→ **What needs to be done**:
Return, verbatim and in full, the records that follow, but not their pictures.

→ **Dataset records**:
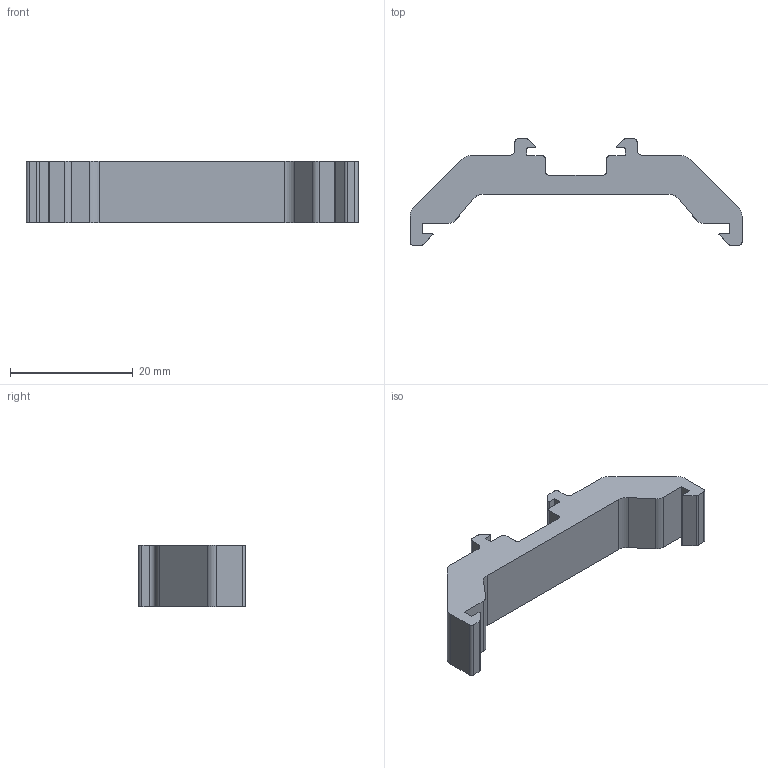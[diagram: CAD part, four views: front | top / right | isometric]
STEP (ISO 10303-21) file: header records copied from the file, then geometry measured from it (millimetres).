
FILE_DESCRIPTION(/* description */ (''),/* implementation_level */ '2;1');
FILE_NAME(/* name */ 'nrf24 clip v1.step',/* time_stamp */ '2023-07-09T10:25:16+12:00',/* author */ (''),/* organization */ (''),/* preprocessor_version */ 'ST-DEVELOPER v20',/* originating_system */ 'Autodesk Translation Framework v12.9.0.99',/* authorisation */ '');
FILE_SCHEMA (('AUTOMOTIVE_DESIGN { 1 0 10303 214 3 1 1 }'));
Length unit declared in the file: millimetre
Products named in the file (1): nrf24 clip
Bounding box: 54.2 x 17.41 x 10 mm (x, y, z)
Volume: 3442 mm3; surface area: 2299.8 mm2
Topology: 1 solids, 1 shells, 66 faces, 192 edges, 128 vertices
Faces by surface type: plane 36, cylinder 30
Entity records: 2229 total; most frequent: CARTESIAN_POINT 387, DIRECTION 386, ORIENTED_EDGE 384, EDGE_CURVE 192, LINE 132, VECTOR 132, VERTEX_POINT 128, AXIS2_PLACEMENT_3D 127

→ **Answer to the problem**:
[diagram: CAD part, four views: front | top / right | isometric]
STEP (ISO 10303-21) file: header records copied from the file, then geometry measured from it (millimetres).
FILE_DESCRIPTION(/* description */ (''),/* implementation_level */ '2;1');
FILE_NAME(/* name */ 'nrf24 clip v1.step',/* time_stamp */ '2023-07-09T10:25:16+12:00',/* author */ (''),/* organization */ (''),/* preprocessor_version */ 'ST-DEVELOPER v20',/* originating_system */ 'Autodesk Translation Framework v12.9.0.99',/* authorisation */ '');
FILE_SCHEMA (('AUTOMOTIVE_DESIGN { 1 0 10303 214 3 1 1 }'));
Length unit declared in the file: millimetre
Products named in the file (1): nrf24 clip
Bounding box: 54.2 x 17.41 x 10 mm (x, y, z)
Volume: 3442 mm3; surface area: 2299.8 mm2
Topology: 1 solids, 1 shells, 66 faces, 192 edges, 128 vertices
Faces by surface type: plane 36, cylinder 30
Entity records: 2229 total; most frequent: CARTESIAN_POINT 387, DIRECTION 386, ORIENTED_EDGE 384, EDGE_CURVE 192, LINE 132, VECTOR 132, VERTEX_POINT 128, AXIS2_PLACEMENT_3D 127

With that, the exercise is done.